Team: ITDR
Product: Microsoft 365, Google Workspace
Environment: Huntress Platform
Summary: Learn how Huntress calculates billable and non-billable identities across Microsoft 365 and Google Workspace to keep your costs predictable.
In this Article
Overview
Huntress primarily bills for unique, human-controlled identities. Whether an identity is billable or not, successfully onboarded identities receive active monitoring and protection from the SOC. Under special circumstances, Huntress can exclude student identities from both billing and protection at a partner's request. This methodology makes sure you only pay for active human users while maintaining 24/7 protection across your entire identity ecosystem.
Billing Methodology
Huntress calculates billable identities by reviewing all identities in an onboarded Microsoft 365 or Google Workspace environment and evaluating their billing status based on license and identity mapping data. We bill identities that represent human-controlled users and mark certain identities as Not Billed when they meet exclusion criteria.
Billable Identities
Any unique account assigned to a real person that uses a standard, human-facing license (such as Microsoft 365 Business Premium or Google Workspace Enterprise). If a human operates the account to perform daily work, it is billable.
Non-billable Identities
An identity is marked as Not Billed if it meets this criteria:
It is a linked identity across Microsoft 365 and Google Workspace that maps to the same Huntress email address, or it has a license or account type that Huntress excludes from billing. This typically includes shared mailboxes without an assigned billable license, room or resource mailboxes, unlicensed administrator accounts, device licenses, and specific EDU licenses.

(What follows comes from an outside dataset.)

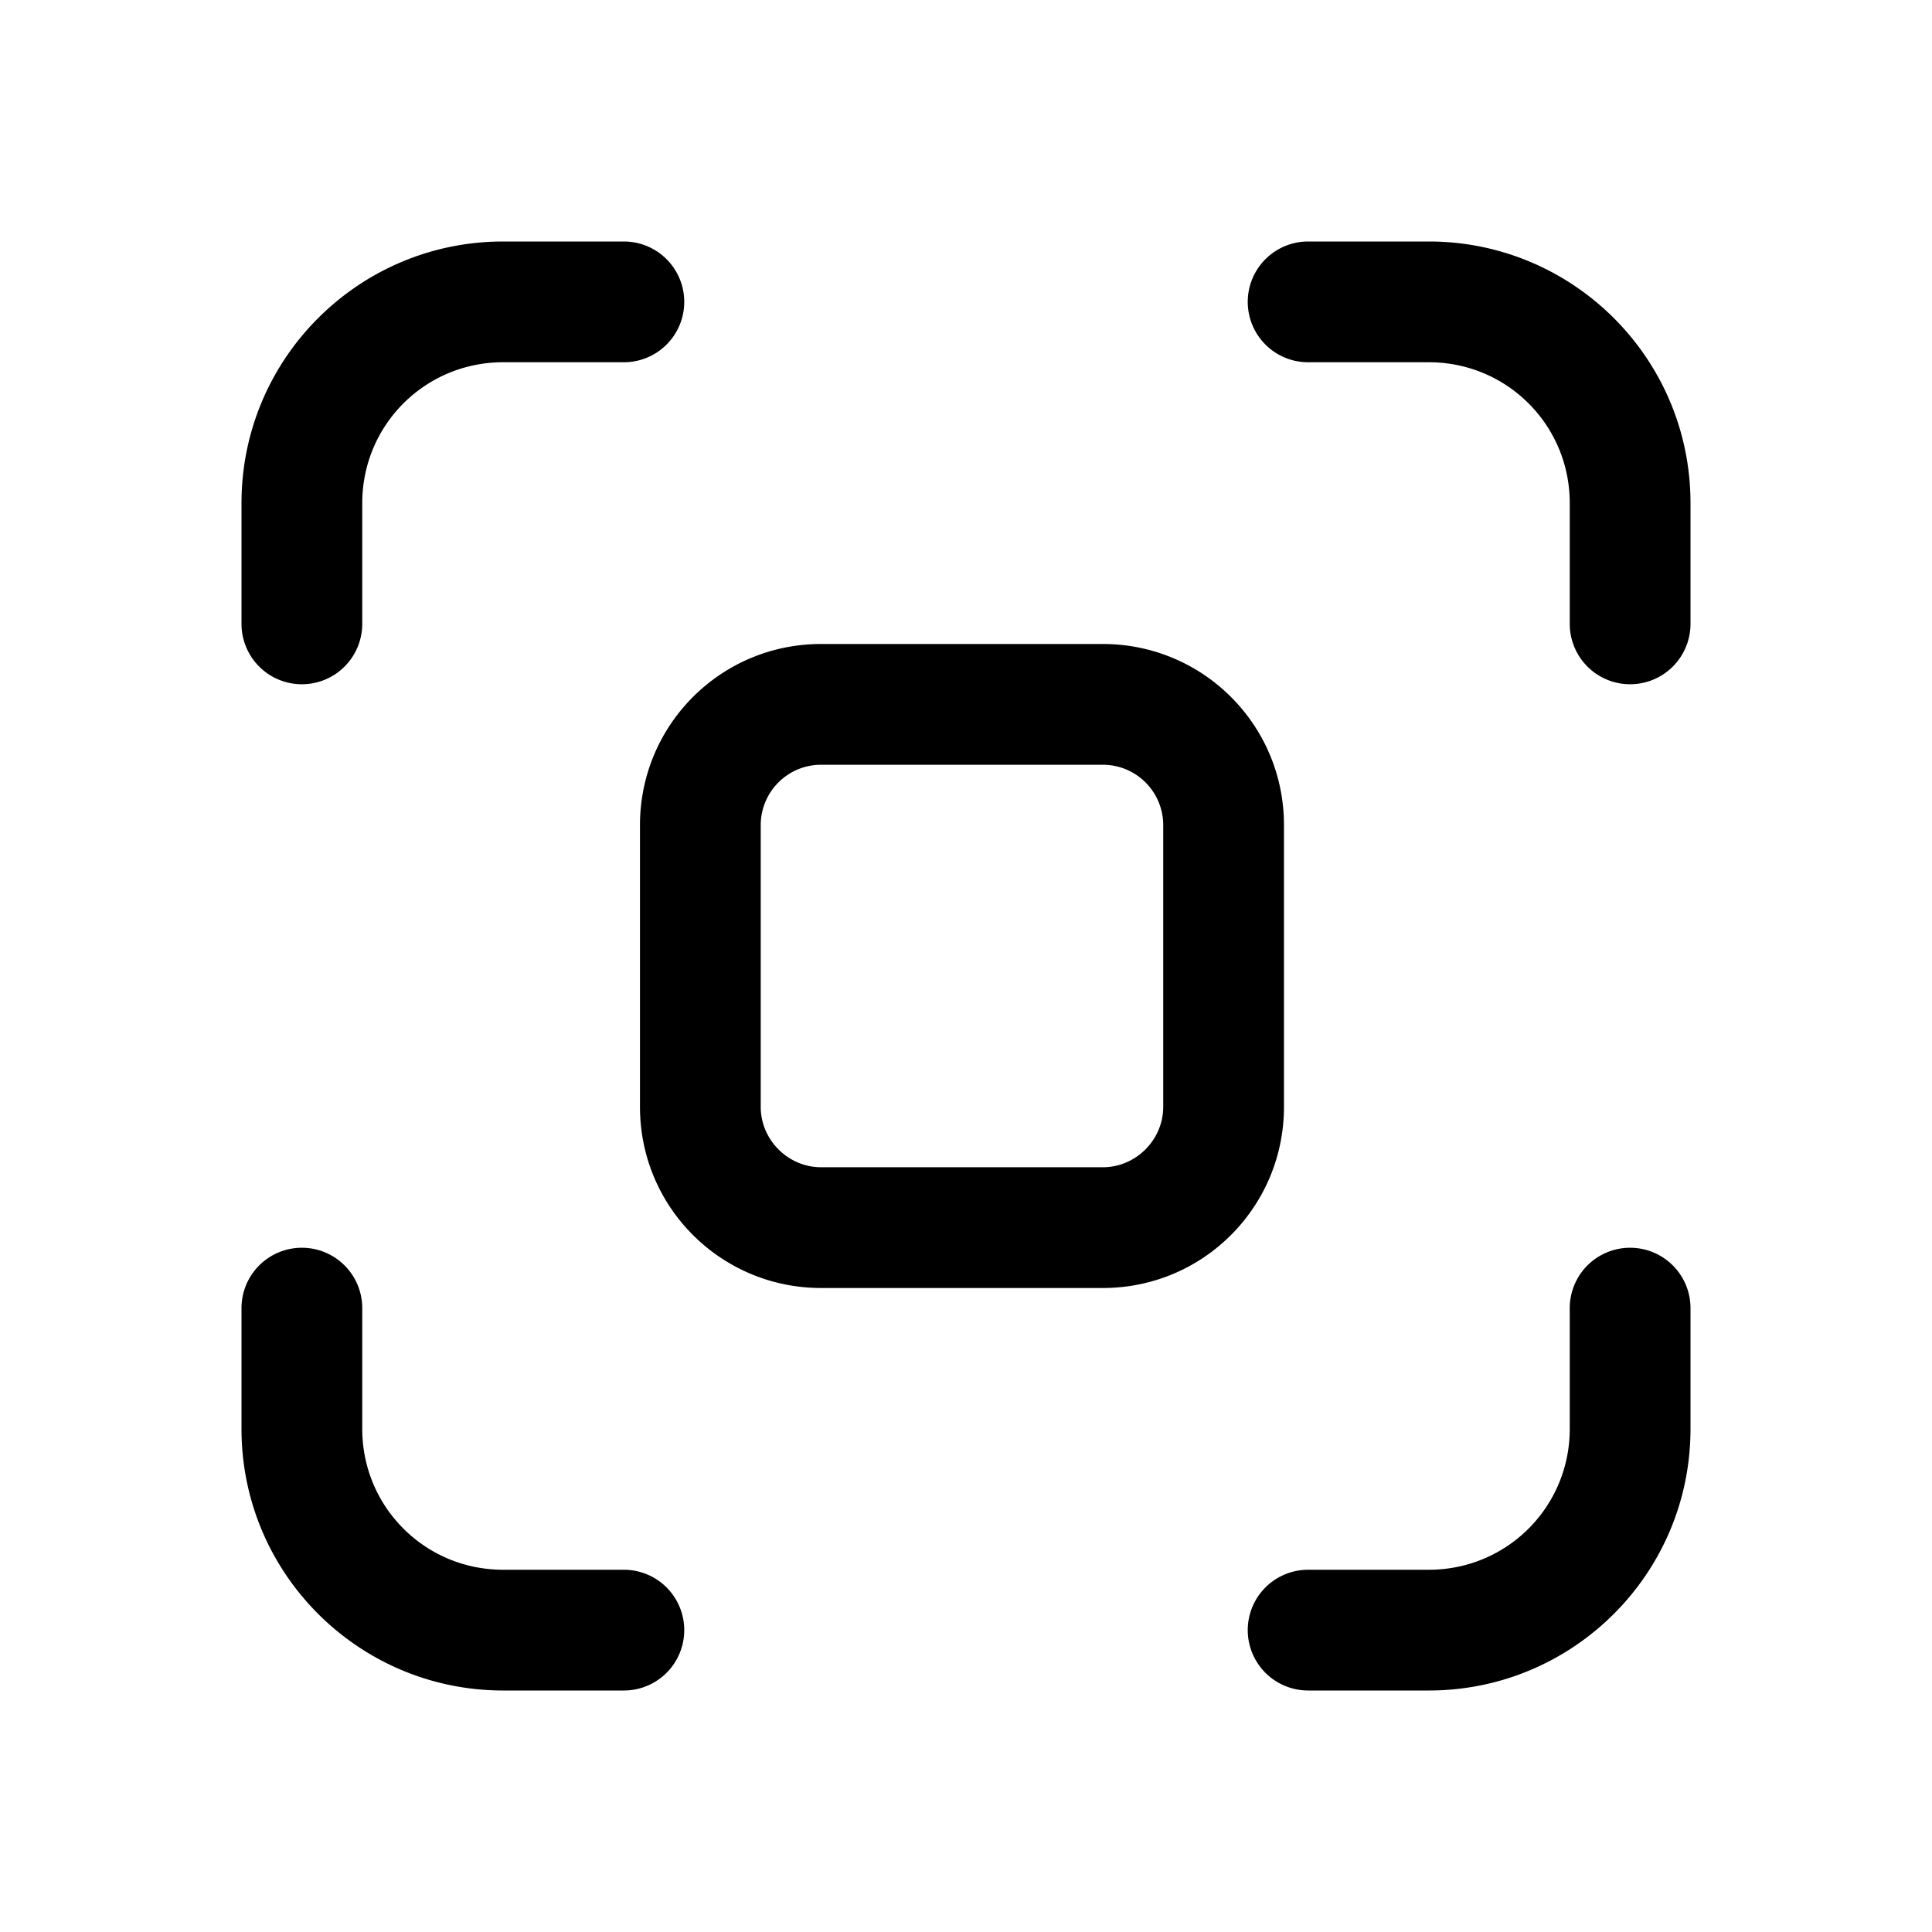 <svg width="24" height="24" viewBox="0 0 24 24" xmlns="http://www.w3.org/2000/svg"><path d="M6.25 4.5c-.97 0-1.75.78-1.75 1.75v1.5a.75.75 0 0 1-1.5 0v-1.5C3 4.45 4.46 3 6.25 3h1.5a.75.75 0 0 1 0 1.5h-1.5Zm1.7 5.75c0-1.24 1-2.25 2.25-2.25h3.5c1.24 0 2.25 1 2.25 2.25v3.5c0 1.24-1 2.25-2.25 2.25h-3.5c-1.24 0-2.25-1-2.25-2.25v-3.5Zm2.25-.75a.75.75 0 0 0-.75.75v3.5c0 .41.34.75.75.75h3.5c.41 0 .75-.34.75-.75v-3.5a.75.75 0 0 0-.75-.75h-3.5Zm7.55-5c.97 0 1.75.78 1.75 1.75v1.5a.75.75 0 0 0 1.5 0v-1.5C21 4.45 19.54 3 17.75 3h-1.5a.75.75 0 0 0 0 1.5h1.5Zm0 15c.97 0 1.75-.78 1.75-1.75v-1.5a.75.75 0 0 1 1.5 0v1.5c0 1.8-1.46 3.25-3.25 3.25h-1.5a.75.75 0 0 1 0-1.5h1.5Zm-11.5 0c-.97 0-1.75-.78-1.75-1.75v-1.5a.75.75 0 0 0-1.5 0v1.5C3 19.55 4.46 21 6.25 21h1.5a.75.75 0 0 0 0-1.5h-1.5Z"/></svg>

The Huntress SOC actively monitors and protects both account types. You receive comprehensive security coverage across your entire tenant, but you only pay for your actual human footprint.

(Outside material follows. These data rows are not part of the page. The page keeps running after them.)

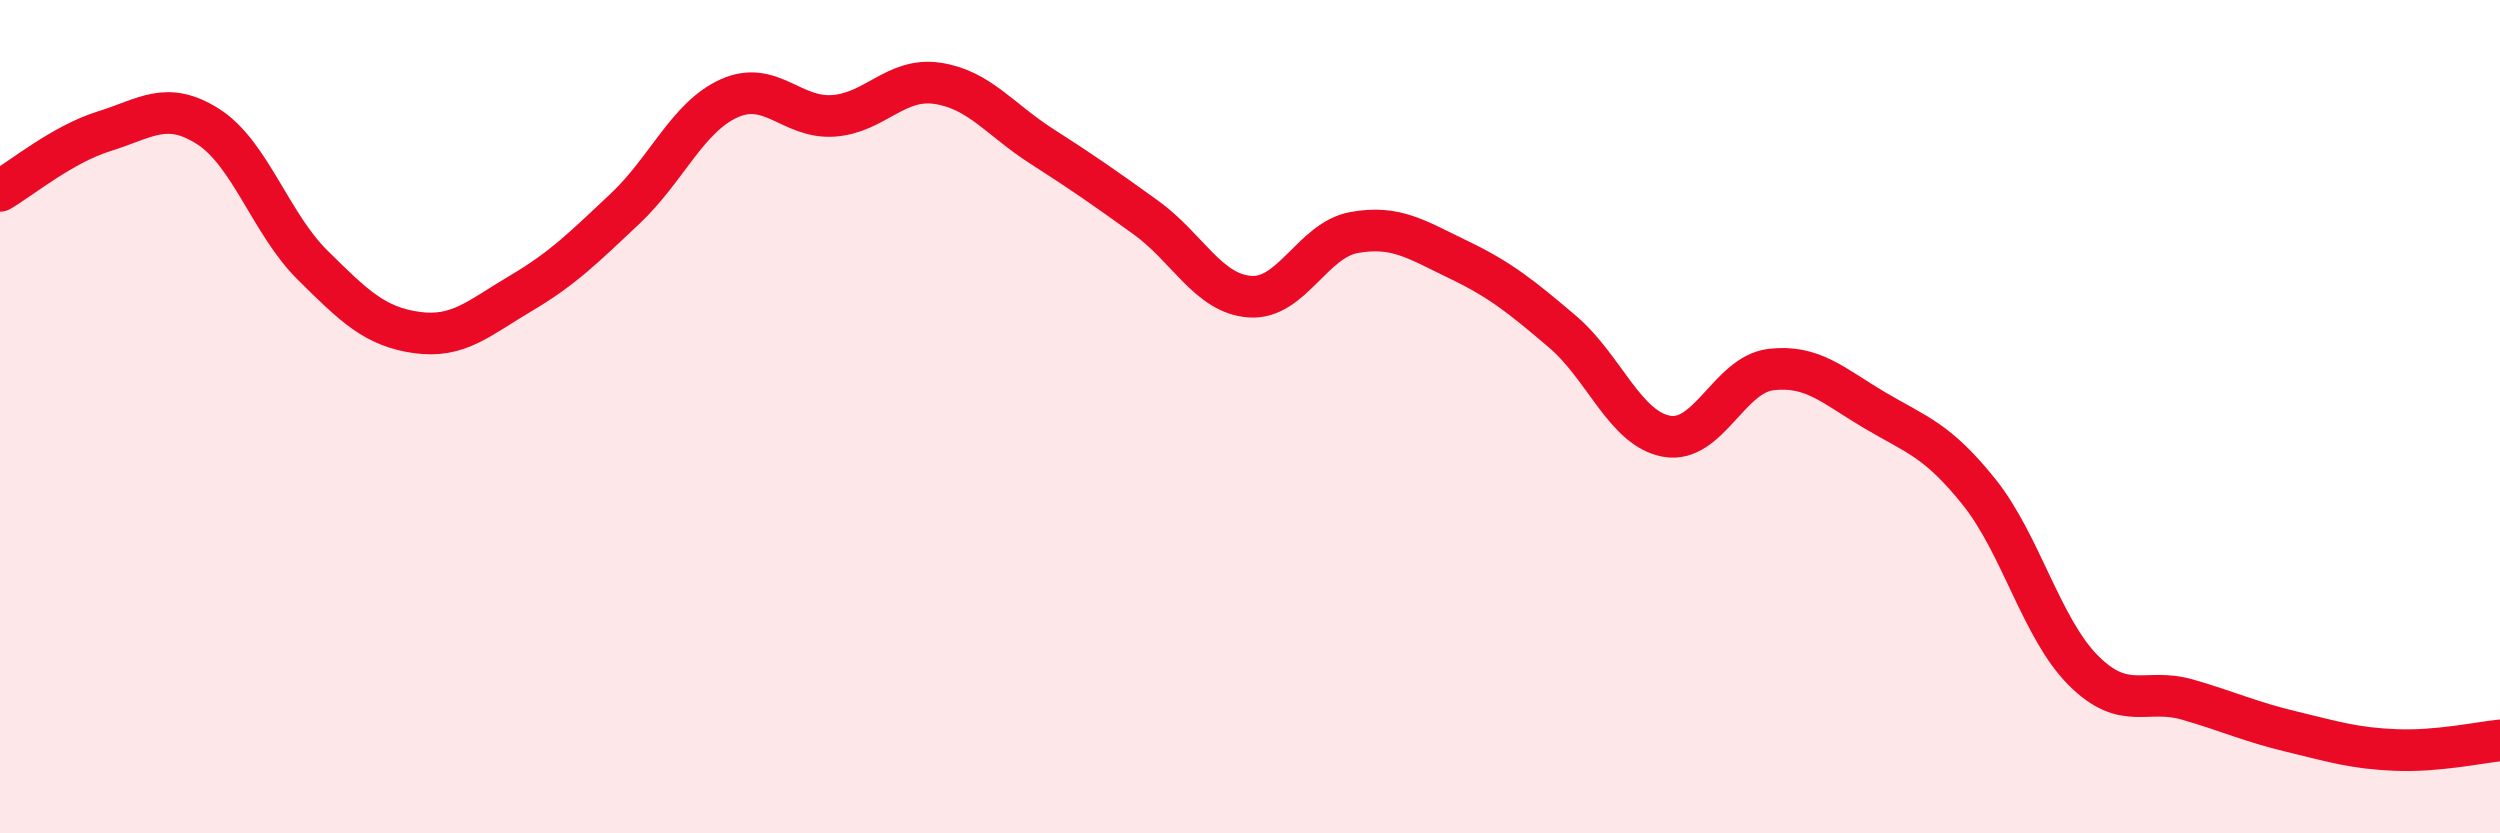 
    <svg width="60" height="20" viewBox="0 0 60 20" xmlns="http://www.w3.org/2000/svg">
      <path
        d="M 0,4.58 C 0.5,4.29 1.5,3.46 2.5,3.15 C 3.5,2.84 4,2.4 5,3.04 C 6,3.68 6.5,5.37 7.5,6.36 C 8.5,7.35 9,7.84 10,7.98 C 11,8.12 11.5,7.63 12.5,7.04 C 13.5,6.45 14,5.95 15,5.01 C 16,4.07 16.5,2.81 17.5,2.36 C 18.5,1.91 19,2.85 20,2.78 C 21,2.71 21.5,1.85 22.5,2 C 23.5,2.15 24,2.87 25,3.51 C 26,4.15 26.5,4.5 27.5,5.22 C 28.5,5.94 29,7.05 30,7.12 C 31,7.19 31.5,5.76 32.5,5.58 C 33.5,5.4 34,5.75 35,6.23 C 36,6.71 36.5,7.11 37.5,7.96 C 38.5,8.81 39,10.29 40,10.47 C 41,10.65 41.5,8.99 42.5,8.87 C 43.5,8.75 44,9.26 45,9.85 C 46,10.44 46.5,10.56 47.5,11.81 C 48.5,13.06 49,15.09 50,16.09 C 51,17.09 51.5,16.5 52.5,16.79 C 53.5,17.08 54,17.32 55,17.56 C 56,17.8 56.5,17.96 57.5,18 C 58.5,18.04 59.5,17.82 60,17.77L60 20L0 20Z"
        fill="#EB0A25"
        opacity="0.1"
        stroke-linecap="round"
        stroke-linejoin="round"
      />
      <path
        d="M 0,4.58 C 0.5,4.29 1.5,3.46 2.5,3.15 C 3.5,2.84 4,2.4 5,3.04 C 6,3.68 6.5,5.37 7.5,6.36 C 8.5,7.35 9,7.84 10,7.98 C 11,8.12 11.5,7.63 12.5,7.04 C 13.5,6.45 14,5.95 15,5.01 C 16,4.07 16.5,2.81 17.5,2.36 C 18.5,1.91 19,2.85 20,2.78 C 21,2.71 21.5,1.85 22.5,2 C 23.5,2.15 24,2.87 25,3.51 C 26,4.15 26.5,4.5 27.5,5.22 C 28.5,5.94 29,7.05 30,7.12 C 31,7.19 31.5,5.76 32.5,5.58 C 33.5,5.4 34,5.75 35,6.23 C 36,6.71 36.5,7.11 37.5,7.96 C 38.5,8.81 39,10.29 40,10.47 C 41,10.65 41.5,8.99 42.5,8.87 C 43.5,8.75 44,9.26 45,9.85 C 46,10.44 46.5,10.56 47.5,11.81 C 48.5,13.06 49,15.09 50,16.09 C 51,17.09 51.5,16.5 52.5,16.79 C 53.5,17.08 54,17.32 55,17.56 C 56,17.8 56.5,17.96 57.5,18 C 58.5,18.04 59.5,17.82 60,17.77"
        stroke="#EB0A25"
        stroke-width="1"
        fill="none"
        stroke-linecap="round"
        stroke-linejoin="round"
      />
    </svg>

Common Billing Classifications
Review this baseline breakdown to see how Huntress classifies common cloud infrastructure accounts:
| Account Type | Billing Status | Security Status |
|---|---|---|
| Standard Employee Account | Billable | Actively Protected |
| Shared Mailbox (Unlicensed) | Non-billable | Actively Protected |
| Shared Mailbox (With Paid License) | Billable | Actively Protected |
| Room or Resource Mailbox | Non-billable | Actively Protected |
| Unlicensed Admin Account | Non-billable | Actively Protected |
| Disabled/Suspended User (With License) | Billable | Actively Protected |
Important
Microsoft 365 offers approximately 800 unique SKUs, which means we might occasionally encounter an unusual license that misaligns with our default logic. You can find a list of our current excluded licenses here. If you identify an account you believe we incorrectly billed, contact your account manager to initiate a SKU review. If you need assistance getting in touch with your account manager, reach out to Huntress Support.
View Your Billable Identity Count
You can view or configure your billable identity counts in the Huntress Platform in three ways:
From the Command Center
- Log in to Huntress and view the Command Center dashboard.
- Locate the Billable Identities tile to see your total count.
From the Identities Page
- Log in to Huntress and click the Identities tab in the left-hand navigation menu.
- Use the filter to select Billable or Not Billed to see the breakdown of users in your environment.
Programmatically via API
Billable licensing counts are available programmatically using the billing reports endpoint in our API. For full setup instructions, review our API Billing Reports documentation.
Frequently Asked Questions
Can Huntress prevent specific users from being protected by Managed ITDR?
No. You cannot selectively exclude specific identities from protection. Identity providers do not selectively exclude identities from their audit logs; therefore, Huntress monitors all identities within an onboarded environment, regardless of their billable status.
Do you bill for shared mailboxes, distribution groups, Microsoft 365 groups, mail-enabled public folders, room mailboxes, or resource mailboxes?
No, for Microsoft 365, as long as they do not have a valid billable license applied. Shared mailboxes with an assigned billable license count as a billable identity.
Do you bill for disabled or suspended users?
Yes. Disabled Microsoft 365 identities and suspended Google Workspace identities are still billed if they retain a valid billable license. For Google Workspace, archived identities are not billed.
Do you bill for unlicensed administrative roles or application service accounts?
No, as long as no valid billable license is assigned. These accounts are still actively protected by our SOC.
Do you bill the same user twice if they exist in both Microsoft 365 and Google Workspace?
No. If the same person exists in both Microsoft 365 and Google Workspace, and both identities are mapped to the same Huntress organization by email address, Huntress bills only one identity for that user. For example, bob@company.co (MSFT) and bob@company.co (GWS) will count as a single billable identity. In order for this de-duplication to occur, the M365 and GWS tenants must be mapped to the same Huntress organization, and the email addresses must be identical.